The history and the uniqueness of the style.


----------



## JR 137 (Mar 29, 2017)

Tadashi Nakamura was sent to the US by Mas Oyama in the 60s to start Kyokushin here.  Nakamura left Kyokushin in '76 and started Seido Juku.

Nakamura left Kyokushin for many reasons.  He felt it was growing too fast resulting in a lack of quality control, he felt there was too much emphasis on competition and not enough character development, and he felt that it was too exclusive to young men.  Among other things.

Seido is very similar to Kyokushin in syllabus.  It's not bare knuckle though.  Nakamura has also added a lot of strategy training (don't know how else to say that) through things like prearranged one step sparring, prearranged back and forth sparring, etc.  Kyokushin doesn't (or at least didn't) do this stuff.  Many Kyokushin schools will have you spar bare knuckle your first night; Seido waits until you've progressed somewhat in kyu ranks before free sparring (with pads).

Seido incorporates meditation into its practice.  We have meditation classes at least once a month.  They're not required, but they are there and encouraged.  Just as in Kyokushin, there's a heavy emphasis placed on etiquette.

In my late teens-mid 20s I studied what was basically renamed Kyokushin.  I restarted Karate about 2 years ago, and I'm 40.  I could've gone the Kyokushin route again, but instead chose Seido for several reasons. The main one being the level of contact - we wear protective gear.  Being 40, I've "been there, done that" with bare knuckle, and it takes me longer to recover from stuff like that.  This goes along with Nakamura's feeling that karate should be a lifelong pursuit and it should welcome anyone who truly wants to learn.

Seido also has a strong family-like atmosphere.  There's regular events in the dojo and out. We do a beach training every summer, we have a holiday party, dojo cleaning day every couple of months, etc.  Nakamura is the kind of person who tries to remember every student he meet's name.  I've met him a few times (I'm 2 hours away), and every time I've said hi, he knows who I am, who my CI is, etc.  He's a bit shaky with my name, but I'm sure he'll get it right after one or two more meetings.  He's a very approachable and down to earth guy, and he wants his students to be the same way.  

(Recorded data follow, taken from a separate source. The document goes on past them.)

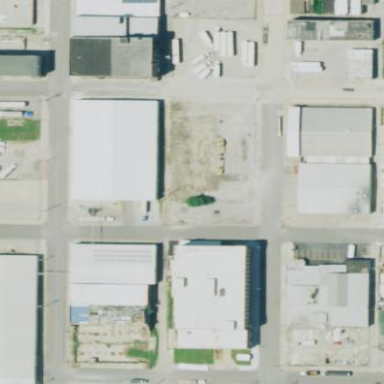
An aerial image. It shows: Industrial area.
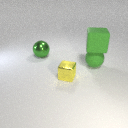
small yellow metal cube in front of large green metal sphere
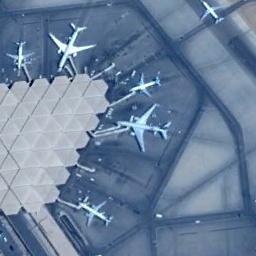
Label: airplane

Seido dojos vary, just like everything else.  The dojo I train at is mainly people my age who came from Kyokushin and offshoots.  My CI has been under Nakamura since the Kyokushin days.  I think he was part of the group that earned their 1st dan right after Nakamura formed Seido.  We train hard.  We hit hard when it's appropriate.  There are some Seido dojos that are full of kids.  Nothing wrong with that.  Not that they're bad teachers or dojos, but I wouldn't train at one of those; it's just not for me.  Every dojo is different.

I chose my dojo based on the CI and students training there, and somewhat on the art itself.  I visited a bunch of schools, but the Seido dojo felt like home.


----------